= Exercise input =
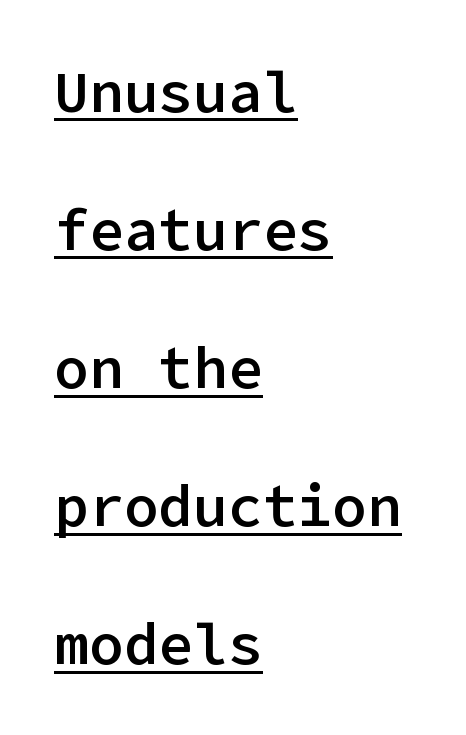
{"serif": "no", "italic": "no", "bold": "semi", "weight": "semibold", "width": "normal", "stroke_contrast": "low", "x_height": "medium", "underline": "yes", "align": "left", "line_spacing": "loose", "line_spacing_ratio": 2.38, "letter_spacing": "normal", "letter_spacing_em": 0.0, "glyph_px": 58}
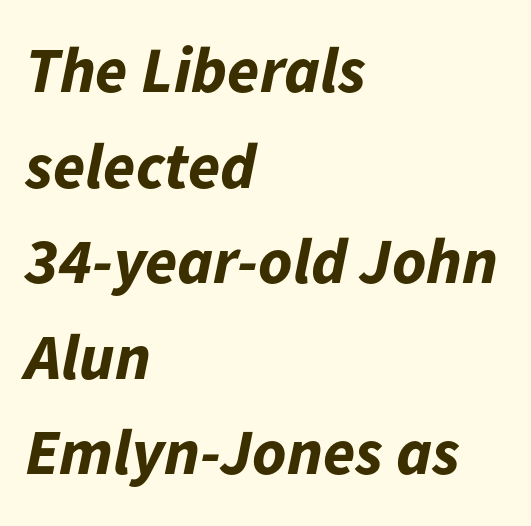
The face used here is rendered with its standard letterfit. Looks like regular typesetting: each glyph gets only the width it needs. The face used here has the dense, thick strokes of a bold. The lettering tilts uniformly, giving the passage an italic look. The lines in this sample share a left origin and differ only in where they stop.
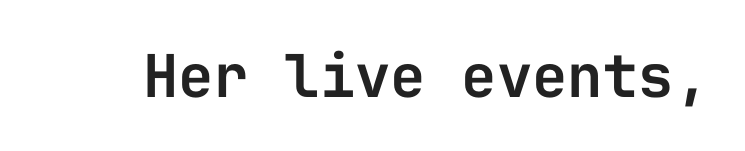
{"serif": "no", "italic": "no", "width": "normal", "stroke_contrast": "low", "x_height": "medium", "monospaced": "yes", "underline": "no", "letter_spacing": "normal", "letter_spacing_em": 0.0, "glyph_px": 59}
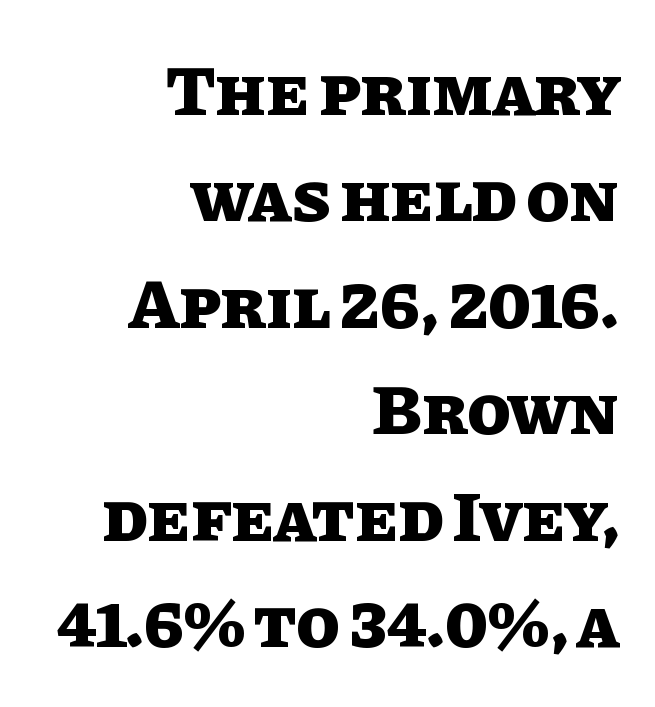
Is the letter spacing exaggerated? No — it looks like the ordinary default. The lines sit at an ordinary, default distance from one another. Caption: multi-line text, flush right, ragged left. Unmarked baselines from the first word to the last. Think of a printed novel: that variable character pitch is what you see here.
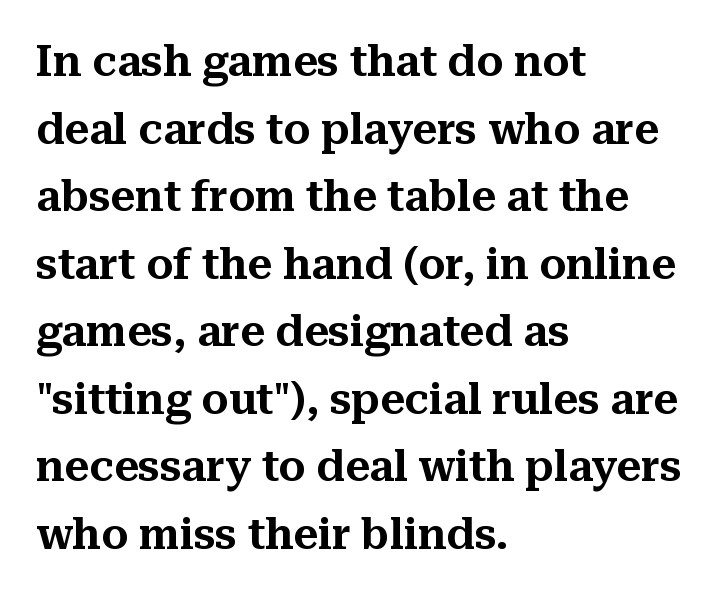
Unlike a clean sans, this face finishes its strokes with serifs. Bare-footed words on every line. Characters follow at the spacing the type designer built in. The block of text has a typical density, with ordinary space between rows.

= Work item =
In the records above, find the lines containing "ordinary" and copy them.

= Response to the task =
Is the letter spacing exaggerated? No — it looks like the ordinary default. The lines sit at an ordinary, default distance from one another. Caption: multi-line text, flush right, ragged left. Unmarked baselines from the first word to the last. Think of a printed novel: that variable character pitch is what you see here.
Unlike a clean sans, this face finishes its strokes with serifs. Bare-footed words on every line. Characters follow at the spacing the type designer built in. The block of text has a typical density, with ordinary space between rows.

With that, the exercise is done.